● **What you have to do**
From the entries below, copy every line that has the word "translate".

=== Section Start ===

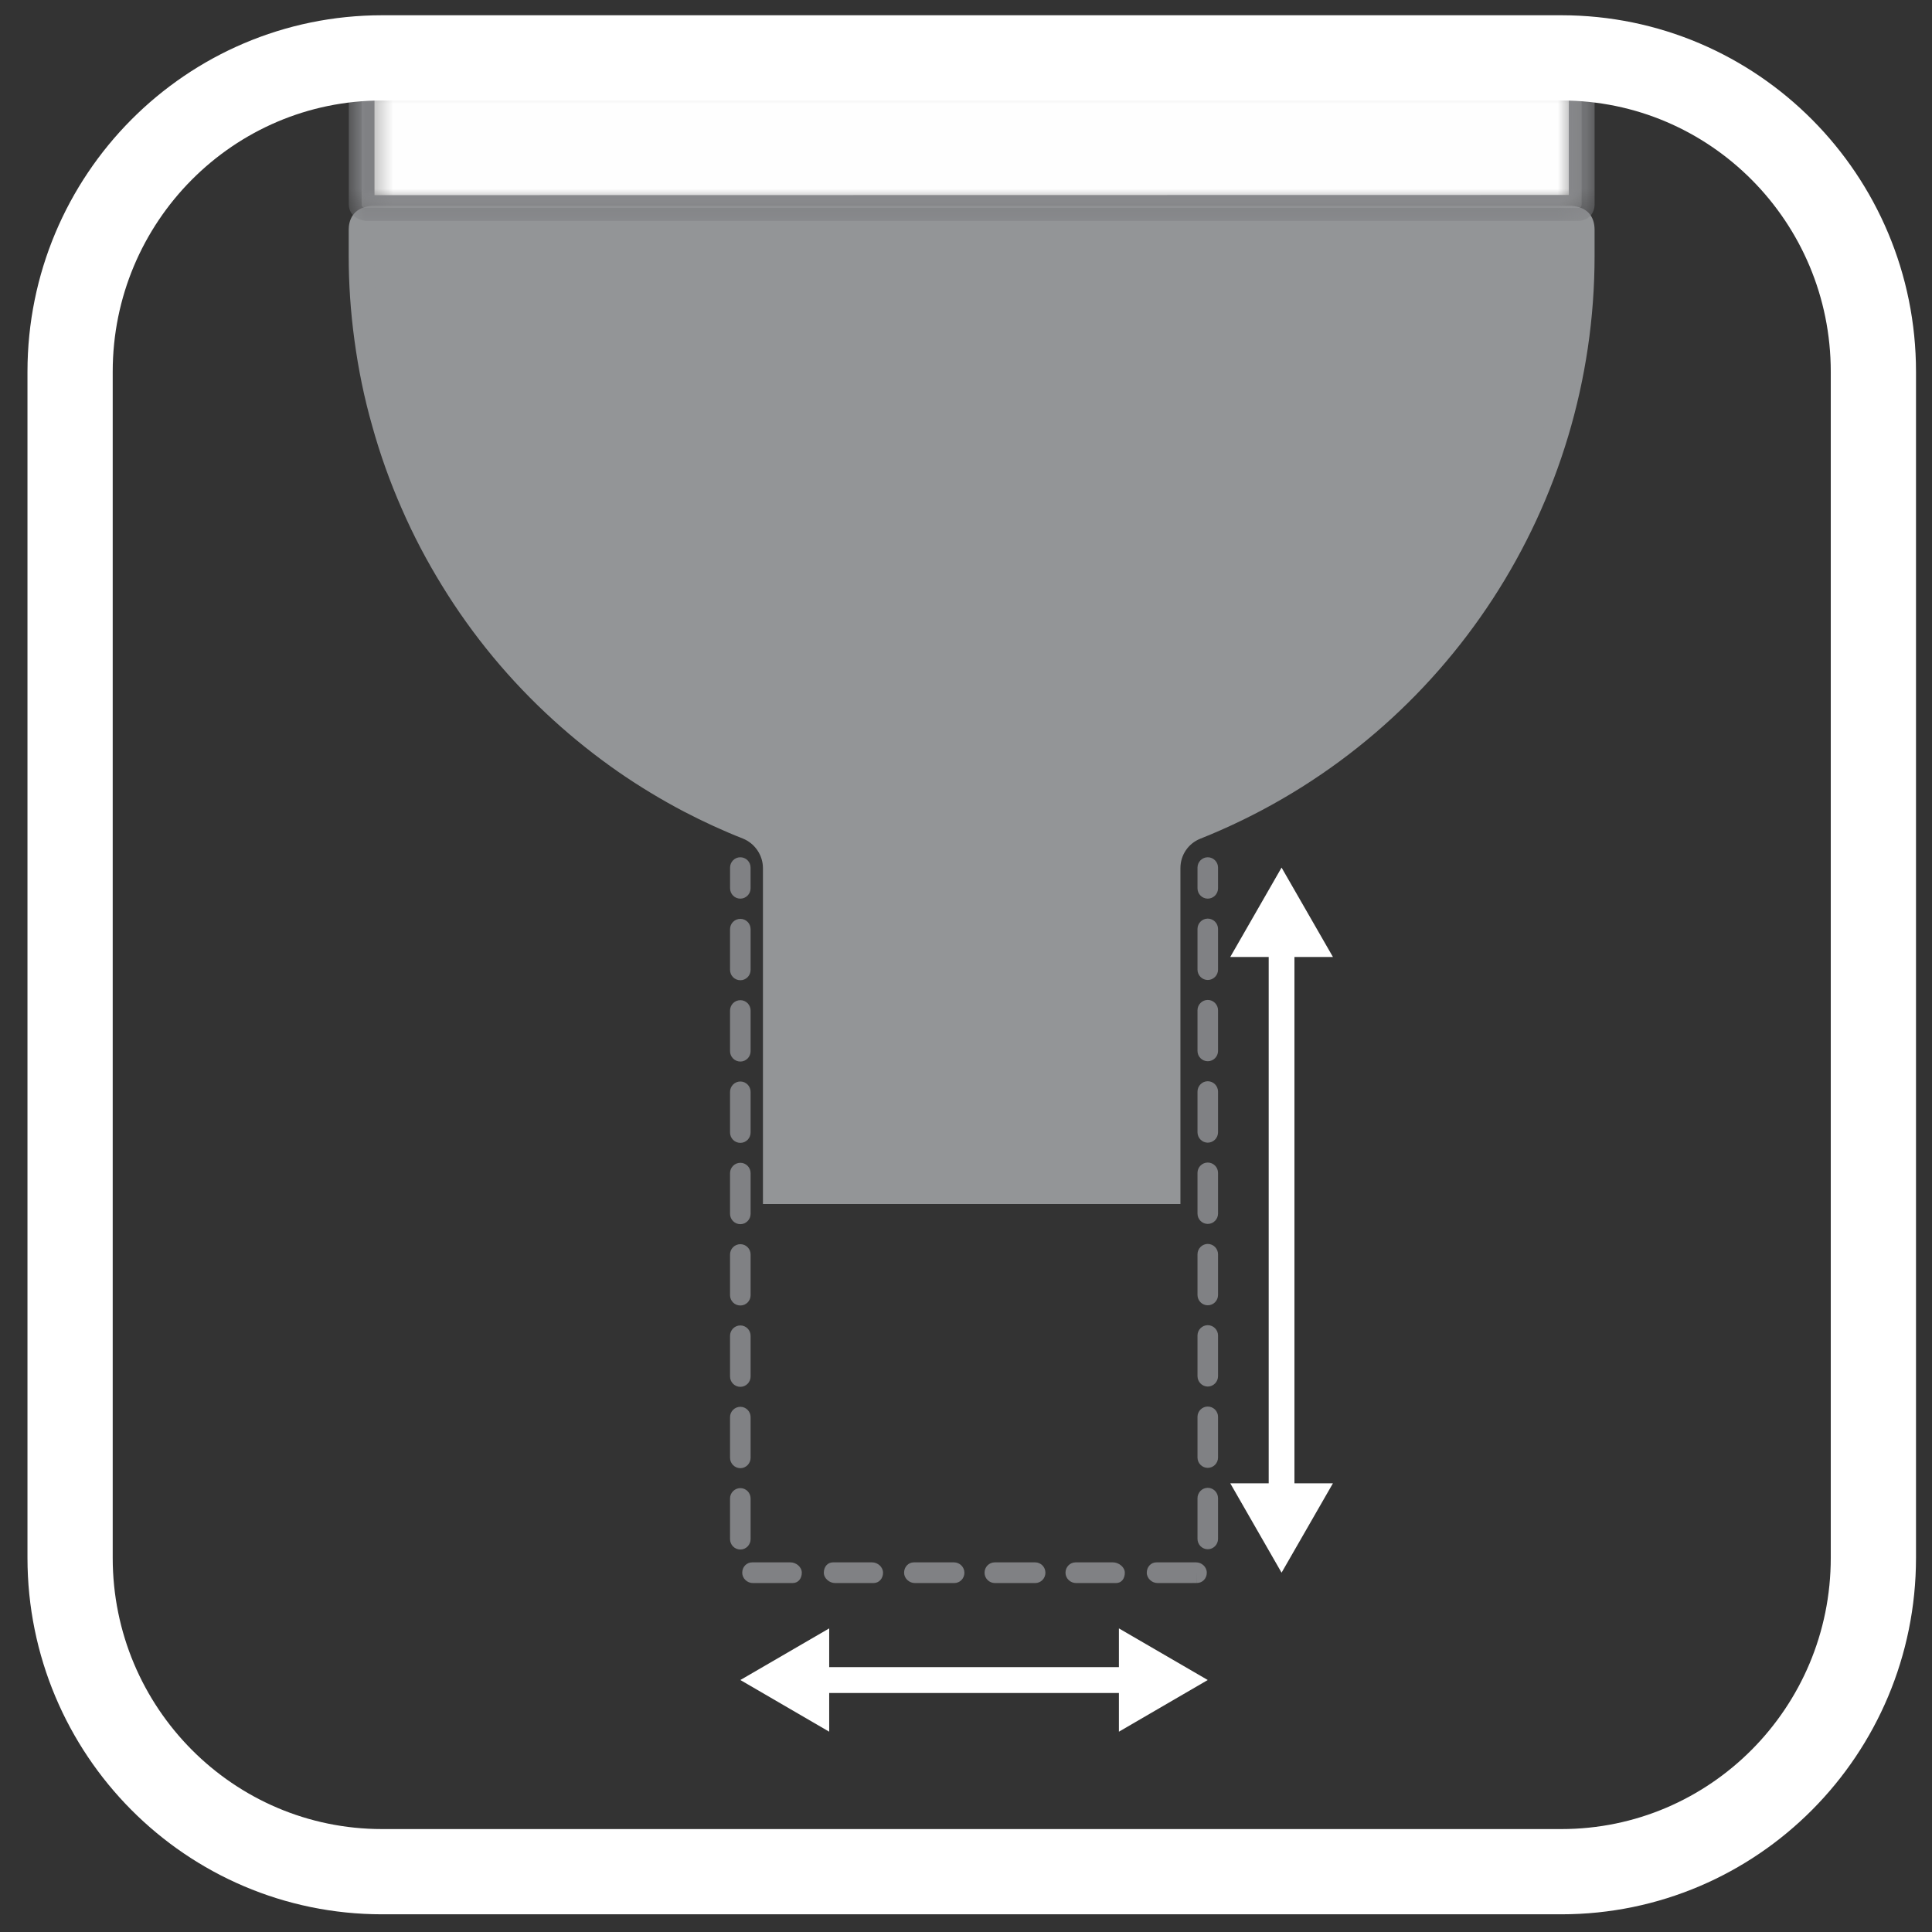 <?xml version="1.0" encoding="UTF-8"?>
<svg width="68px" height="68px" viewBox="0 0 68 68" version="1.1" xmlns="http://www.w3.org/2000/svg" xmlns:xlink="http://www.w3.org/1999/xlink">
    <rect x="0" y="0" width="68" height="68" fill="#333333" stroke="none"/>
    <!-- Generator: Sketch 53.2 (72643) - https://sketchapp.com -->
    <title>icon_SRconnector</title>
    <desc>Created with Sketch.</desc>
    <defs>
        <polygon id="path-1" points="1.399 1.338 44.34 1.338 44.34 6.181 1.399 6.181"></polygon>
        <polygon id="path-3" points="0.947 1.338 44.796 1.338 44.796 6.637 0.947 6.637"></polygon>
    </defs>
    <g id="1440" stroke="none" stroke-width="1" fill="none" fill-rule="evenodd">
        <g id="CASA-Hub-A08_CN-1440" transform="translate(-929, -5522)">
            <g id="icon_SRconnector" transform="translate(931, 5522)">
                <g id="Group-11">
                    <g id="Group-71" transform="translate(9.329, 1.137)">
                        <path d="M29.766,29.42 L29.766,40.786 L15.975,40.786 L15.975,29.418 C15.975,28.772 15.583,28.194 14.986,27.958 C14.29,27.68 13.614,27.369 12.95,27.023 C12.168,26.614 11.42,26.16 10.694,25.657 C9.903,25.109 9.159,24.518 8.448,23.869 C7.703,23.189 7.013,22.467 6.369,21.688 C5.727,20.913 5.145,20.098 4.615,19.24 C4.087,18.381 3.624,17.495 3.216,16.568 C2.813,15.645 2.477,14.702 2.205,13.732 C1.932,12.754 1.729,11.775 1.593,10.771 C1.464,9.806 1.398,8.841 1.398,7.869 L1.398,6.951 C1.398,6.676 1.531,6.586 1.788,6.559 C15.854,6.559 29.917,6.561 43.98,6.561 C44.239,6.582 44.342,6.692 44.342,6.951 L44.342,7.869 C44.342,16.47 39.283,24.216 31.46,27.663 C31.227,27.765 30.991,27.864 30.755,27.96 C30.157,28.196 29.766,28.772 29.766,29.42" id="Fill-43" fill="#939597"></path>
                        <path d="M16.427,40.33 L29.311,40.33 L29.311,29.419 C29.311,28.582 29.811,27.843 30.588,27.535 C30.819,27.443 31.049,27.347 31.276,27.248 C38.938,23.869 43.888,16.265 43.888,7.868 L43.888,7.024 L1.853,7.014 L1.851,7.868 C1.851,8.822 1.915,9.753 2.041,10.71 C2.176,11.708 2.372,12.656 2.64,13.607 C2.907,14.555 3.241,15.49 3.633,16.387 C4.034,17.303 4.482,18.157 5.001,19.001 C5.51,19.831 6.087,20.636 6.717,21.396 C7.356,22.165 8.018,22.864 8.755,23.53 C9.442,24.158 10.18,24.75 10.951,25.283 C11.662,25.774 12.406,26.225 13.158,26.619 C13.811,26.959 14.479,27.266 15.153,27.533 C15.927,27.841 16.427,28.58 16.427,29.417 L16.427,40.33 Z M30.218,41.241 L15.524,41.241 L15.524,29.417 C15.524,28.963 15.239,28.548 14.821,28.379 C14.119,28.103 13.422,27.781 12.74,27.426 C11.957,27.015 11.179,26.546 10.438,26.033 C9.634,25.474 8.863,24.86 8.147,24.207 C7.391,23.52 6.676,22.772 6.02,21.98 C5.365,21.188 4.762,20.345 4.232,19.48 C3.691,18.601 3.221,17.71 2.805,16.753 C2.394,15.818 2.045,14.842 1.771,13.853 C1.489,12.862 1.286,11.873 1.146,10.834 C1.01,9.833 0.944,8.863 0.944,7.868 L0.944,6.952 C0.944,6.667 1.049,6.174 1.747,6.106 L43.981,6.108 C44.507,6.144 44.795,6.451 44.795,6.952 L44.795,7.868 C44.795,16.625 39.634,24.558 31.642,28.079 C31.403,28.186 31.162,28.285 30.922,28.381 C30.493,28.55 30.218,28.959 30.218,29.419 L30.218,41.241 Z" id="Fill-45" fill="#939597"></path>
                        <path d="M31.18,30.492 C30.982,30.492 30.819,30.329 30.819,30.128 L30.819,29.4 C30.819,29.199 30.982,29.036 31.18,29.036 C31.379,29.036 31.542,29.199 31.542,29.4 L31.542,30.128 C31.542,30.329 31.379,30.492 31.18,30.492" id="Fill-47" fill="#808184"></path>
                        <path d="M31.18,33.355 C30.982,33.355 30.819,33.192 30.819,32.991 L30.819,31.559 C30.819,31.358 30.982,31.195 31.18,31.195 C31.379,31.195 31.542,31.358 31.542,31.559 L31.542,32.991 C31.542,33.192 31.379,33.355 31.18,33.355 L31.18,33.355 Z M14.73,33.364 C14.528,33.364 14.366,33.201 14.366,32.998 L14.366,31.568 C14.366,31.366 14.528,31.204 14.73,31.204 C14.928,31.204 15.09,31.366 15.09,31.568 L15.09,32.998 C15.09,33.201 14.928,33.364 14.73,33.364 L14.73,33.364 Z M31.18,36.215 C30.982,36.215 30.819,36.052 30.819,35.853 L30.819,34.421 C30.819,34.222 30.982,34.057 31.18,34.057 C31.379,34.057 31.542,34.222 31.542,34.421 L31.542,35.853 C31.542,36.052 31.379,36.215 31.18,36.215 L31.18,36.215 Z M14.73,36.226 C14.528,36.226 14.366,36.061 14.366,35.862 L14.366,34.432 C14.366,34.229 14.528,34.066 14.73,34.066 C14.928,34.066 15.09,34.229 15.09,34.432 L15.09,35.862 C15.09,36.061 14.928,36.226 14.73,36.226 L14.73,36.226 Z M31.18,39.081 C30.982,39.081 30.819,38.916 30.819,38.713 L30.819,37.285 C30.819,37.084 30.982,36.919 31.18,36.919 C31.379,36.919 31.542,37.084 31.542,37.285 L31.542,38.713 C31.542,38.916 31.379,39.081 31.18,39.081 L31.18,39.081 Z M14.73,39.088 C14.528,39.088 14.366,38.925 14.366,38.722 L14.366,37.294 C14.366,37.093 14.528,36.928 14.73,36.928 C14.928,36.928 15.09,37.093 15.09,37.294 L15.09,38.722 C15.09,38.925 14.928,39.088 14.73,39.088 L14.73,39.088 Z M31.18,41.941 C30.982,41.941 30.819,41.778 30.819,41.577 L30.819,40.145 C30.819,39.944 30.982,39.781 31.18,39.781 C31.379,39.781 31.542,39.944 31.542,40.145 L31.542,41.577 C31.542,41.778 31.379,41.941 31.18,41.941 L31.18,41.941 Z M14.73,41.95 C14.528,41.95 14.366,41.785 14.366,41.584 L14.366,40.154 C14.366,39.954 14.528,39.79 14.73,39.79 C14.928,39.79 15.09,39.954 15.09,40.154 L15.09,41.584 C15.09,41.785 14.928,41.95 14.73,41.95 L14.73,41.95 Z M31.18,44.805 C30.982,44.805 30.819,44.642 30.819,44.441 L30.819,43.011 C30.819,42.81 30.982,42.645 31.18,42.645 C31.379,42.645 31.542,42.81 31.542,43.011 L31.542,44.441 C31.542,44.642 31.379,44.805 31.18,44.805 L31.18,44.805 Z M14.73,44.812 C14.528,44.812 14.366,44.651 14.366,44.45 L14.366,43.016 C14.366,42.818 14.528,42.654 14.73,42.654 C14.928,42.654 15.09,42.818 15.09,43.016 L15.09,44.45 C15.09,44.651 14.928,44.812 14.73,44.812 L14.73,44.812 Z M31.18,47.665 C30.982,47.665 30.819,47.5 30.819,47.299 L30.819,45.869 C30.819,45.668 30.982,45.505 31.18,45.505 C31.379,45.505 31.542,45.668 31.542,45.869 L31.542,47.299 C31.542,47.5 31.379,47.665 31.18,47.665 L31.18,47.665 Z M14.73,47.675 C14.528,47.675 14.366,47.511 14.366,47.31 L14.366,45.88 C14.366,45.678 14.528,45.514 14.73,45.514 C14.928,45.514 15.09,45.678 15.09,45.88 L15.09,47.31 C15.09,47.511 14.928,47.675 14.73,47.675 L14.73,47.675 Z M31.18,50.527 C30.982,50.527 30.819,50.364 30.819,50.163 L30.819,48.731 C30.819,48.532 30.982,48.369 31.18,48.369 C31.379,48.369 31.542,48.532 31.542,48.731 L31.542,50.163 C31.542,50.364 31.379,50.527 31.18,50.527 L31.18,50.527 Z M14.73,50.538 C14.528,50.538 14.366,50.371 14.366,50.172 L14.366,48.742 C14.366,48.542 14.528,48.378 14.73,48.378 C14.928,48.378 15.09,48.542 15.09,48.742 L15.09,50.172 C15.09,50.371 14.928,50.538 14.73,50.538 L14.73,50.538 Z M31.18,53.391 C30.982,53.391 30.819,53.228 30.819,53.025 L30.819,51.597 C30.819,51.394 30.982,51.229 31.18,51.229 C31.379,51.229 31.542,51.394 31.542,51.597 L31.542,53.025 C31.542,53.228 31.379,53.391 31.18,53.391 L31.18,53.391 Z M14.73,53.401 C14.528,53.401 14.366,53.237 14.366,53.033 L14.366,51.604 C14.366,51.404 14.528,51.24 14.73,51.24 C14.928,51.24 15.09,51.404 15.09,51.604 L15.09,53.033 C15.09,53.237 14.928,53.401 14.73,53.401 L14.73,53.401 Z M16.57,54.581 L15.168,54.581 C14.969,54.581 14.795,54.418 14.795,54.217 C14.795,54.016 14.946,53.853 15.146,53.853 L16.493,53.853 C16.693,53.853 16.892,54.016 16.892,54.217 C16.892,54.418 16.769,54.581 16.57,54.581 L16.57,54.581 Z M19.415,54.581 L18.064,54.581 C17.865,54.581 17.667,54.418 17.667,54.217 C17.667,54.016 17.792,53.853 17.991,53.853 L19.365,53.853 C19.564,53.853 19.751,54.016 19.751,54.217 C19.751,54.418 19.615,54.581 19.415,54.581 L19.415,54.581 Z M22.259,54.581 L20.872,54.581 C20.671,54.581 20.492,54.418 20.492,54.217 C20.492,54.016 20.639,53.853 20.837,53.853 L22.248,53.853 C22.447,53.853 22.615,54.016 22.615,54.217 C22.615,54.418 22.46,54.581 22.259,54.581 L22.259,54.581 Z M25.106,54.581 L23.688,54.581 C23.488,54.581 23.324,54.418 23.324,54.217 C23.324,54.016 23.483,53.853 23.684,53.853 L25.104,53.853 C25.306,53.853 25.466,54.016 25.466,54.217 C25.466,54.418 25.308,54.581 25.106,54.581 L25.106,54.581 Z M27.953,54.581 L26.545,54.581 C26.343,54.581 26.173,54.418 26.173,54.217 C26.173,54.016 26.33,53.853 26.53,53.853 L27.843,53.853 C28.043,53.853 28.261,54.016 28.261,54.217 C28.261,54.418 28.151,54.581 27.953,54.581 L27.953,54.581 Z M30.564,54.581 L29.414,54.581 C29.215,54.581 29.034,54.418 29.034,54.217 C29.034,54.016 29.176,53.853 29.375,53.853 L30.769,53.853 C30.969,53.853 31.146,54.014 31.146,54.217 C31.146,54.418 30.997,54.579 30.797,54.579 L30.797,54.215 L30.795,54.579 L30.564,54.581 Z" id="Fill-49" fill="#808184"></path>
                        <path d="M14.727,30.492 C14.529,30.492 14.367,30.329 14.367,30.128 L14.367,29.4 C14.367,29.199 14.529,29.036 14.727,29.036 C14.927,29.036 15.089,29.199 15.089,29.4 L15.089,30.128 C15.089,30.329 14.927,30.492 14.727,30.492" id="Fill-51" fill="#808184"></path>
                        <path d="M28.581,58.451 L17.326,58.451 C17.076,58.451 16.875,58.246 16.875,57.995 C16.875,57.745 17.076,57.541 17.326,57.541 L28.581,57.541 C28.831,57.541 29.035,57.745 29.035,57.995 C29.035,58.246 28.831,58.451 28.581,58.451" id="Fill-53" fill="#FFFFFF"></path>
                        <polygon id="Fill-55" fill="#FFFFFF" points="17.856 59.813 14.729 57.994 17.856 56.177"></polygon>
                        <polygon id="Fill-57" fill="#FFFFFF" points="28.053 59.813 31.18 57.994 28.053 56.177"></polygon>
                        <path d="M33.778,52.058 C33.528,52.058 33.325,51.854 33.325,51.602 L33.325,32.013 C33.325,31.765 33.528,31.559 33.778,31.559 C34.028,31.559 34.231,31.765 34.231,32.013 L34.231,51.602 C34.231,51.854 34.028,52.058 33.778,52.058" id="Fill-59" fill="#FFFFFF"></path>
                        <polygon id="Fill-61" fill="#FFFFFF" points="31.972 32.545 33.778 29.399 35.586 32.545"></polygon>
                        <polygon id="Fill-63" fill="#FFFFFF" points="31.972 51.07 33.778 54.216 35.586 51.07"></polygon>
                        <g id="Group-67">
                            <mask id="mask-2" fill="white">
                                <use xlink:href="#path-1"></use>
                            </mask>
                            <g id="Clip-66"></g>
                            <path d="M44.212,6.181 L1.529,6.181 C1.449,6.166 1.399,6.143 1.399,6.049 L1.399,-23.793 C1.399,-23.887 1.449,-23.909 1.531,-23.924 L1.546,-23.924 L1.58,-23.924 L1.584,-23.924 L1.604,-23.924 L1.61,-23.924 L1.625,-23.924 L1.638,-23.924 L1.666,-23.924 C15.846,-23.924 30.027,-23.923 44.212,-23.923 C44.29,-23.908 44.34,-23.885 44.34,-23.793 L44.34,6.049 C44.34,6.143 44.303,6.181 44.212,6.181" id="Fill-65" fill="#FEFEFE" mask="url(#mask-2)"></path>
                        </g>
                        <g id="Group-70">
                            <mask id="mask-4" fill="white">
                                <use xlink:href="#path-3"></use>
                            </mask>
                            <g id="Clip-69"></g>
                            <path d="M1.852,-23.468 L1.852,5.732 L43.889,5.725 L43.889,-23.476 L1.852,-23.468 Z M44.21,6.637 L1.527,6.637 C1.08,6.564 0.947,6.286 0.947,6.051 L0.947,-23.793 C0.947,-24.031 1.08,-24.307 1.453,-24.373 L1.58,-24.378 L44.21,-24.378 C44.758,-24.277 44.796,-23.904 44.796,-23.793 L44.796,6.051 C44.796,6.397 44.555,6.637 44.21,6.637 L44.21,6.637 Z" id="Fill-68" fill="#808184" mask="url(#mask-4)"></path>
                        </g>
                    </g>
                    <path d="M52.954,65.877 L11.449,65.877 C5.383,65.877 0.467,60.931 0.467,54.83 L0.467,13.084 C0.467,6.982 5.383,2.037 11.449,2.037 L52.954,2.037 C59.02,2.037 63.937,6.982 63.937,13.084 L63.937,54.83 C63.937,60.931 59.02,65.877 52.954,65.877 Z" id="Stroke-72" stroke="#FFFFFF" stroke-width="3"></path>
                </g>
            </g>
        </g>
    </g>
</svg>

=== Section End ===

● **Result below**
        <g id="CASA-Hub-A08_CN-1440" transform="translate(-929, -5522)">
            <g id="icon_SRconnector" transform="translate(931, 5522)">
                    <g id="Group-71" transform="translate(9.329, 1.137)">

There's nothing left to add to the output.